Checked out a friend that had 2 hives going good but things happen done went missing then laying worker happend then a bunch of robbers hit it that was a double wammie / second one l think the virrollas got in it and it got pillaged 2 ,well I guess he's got a good start up 4 next year . OB hive is loaded bees were dancing just last week . Had one lay out some drones ,ain't got time 4 them lol .Pink b man


----------



## Michael Palmer (Dec 29, 2006)

What I think?

Put down the pie, get your fat butt off the couch, and go look at your bees.


----------



## Fusion_power (Jan 14, 2005)

The language is definitely Wampanoag, the colloquial language where wampum is exchanged.

Give it time and hive monitors will be standard beekeeping tools.


----------



## JRG13 (May 11, 2012)

I got the package deal, flow hive thrown in at half price with the camera!


----------



## Sunday Farmer (Nov 13, 2013)

larryh said:


> It's official. Too many software designers in this world.


I've got some gizmos that were made to help figure out odd angles and roofs....then I learned how to properly use a two foot square. Just an analogy.


----------



## No-sage (Mar 14, 2009)

Michael Palmer said:


> Put down the pie,...


Mmmmmm... Pie.....


----------



## WBVC (Apr 25, 2013)

If you have 1 hive that is not near your home it may be interesting. But if you have more than one hive....?

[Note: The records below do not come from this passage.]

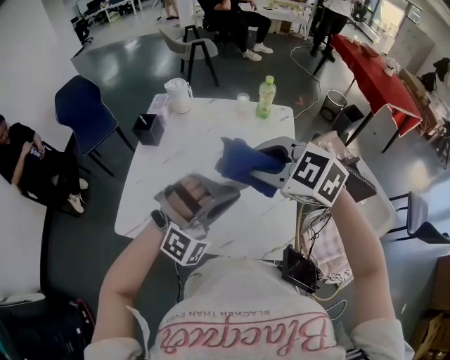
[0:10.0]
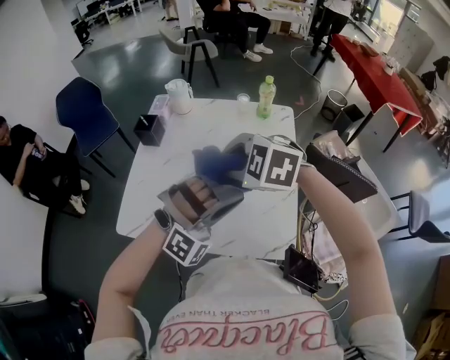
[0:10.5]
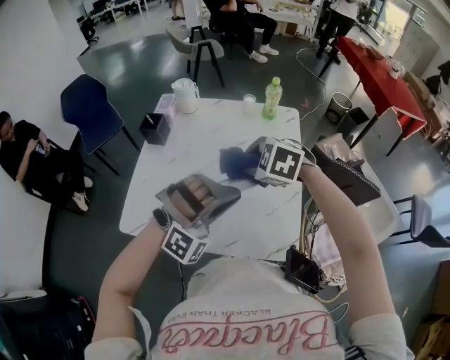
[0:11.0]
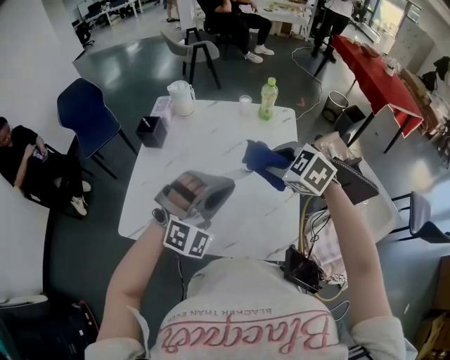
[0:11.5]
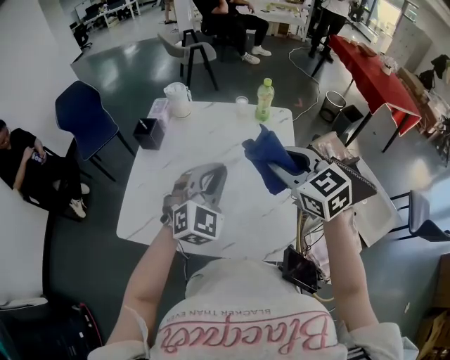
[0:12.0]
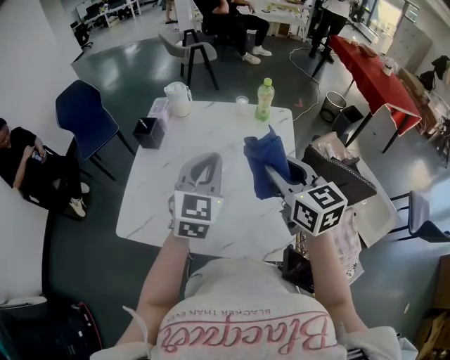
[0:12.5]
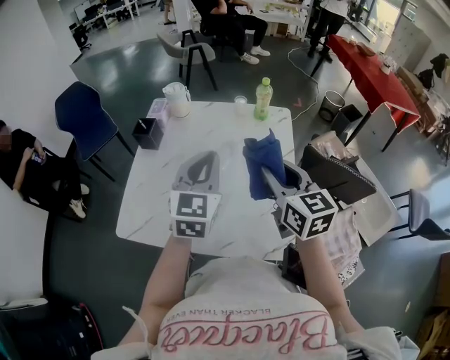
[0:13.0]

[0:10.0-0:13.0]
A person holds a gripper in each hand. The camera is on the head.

I would find it more appealing to have an affordable fine tuned hive weight monitor/graph to help me learn the bee cycles in my micro environment.

Just my 2 cents.


----------



## Acebird (Mar 17, 2011)

Sunday Farmer said:


> I've got some gizmos that were made to help figure out odd angles and roofs....then I learned how to properly use a two foot square. Just an analogy.


Can you do a valley jack rafter?


----------



## Barry (Dec 28, 1999)

Sure, just the reverse of a hip ridge rafter. A speed square or framing square is all you need. I did get the app FractionPlus but haven't used it yet. Someday it will come in handy.


----------



## Sunday Farmer (Nov 13, 2013)

Acebird said:


> Can you do a valley jack rafter?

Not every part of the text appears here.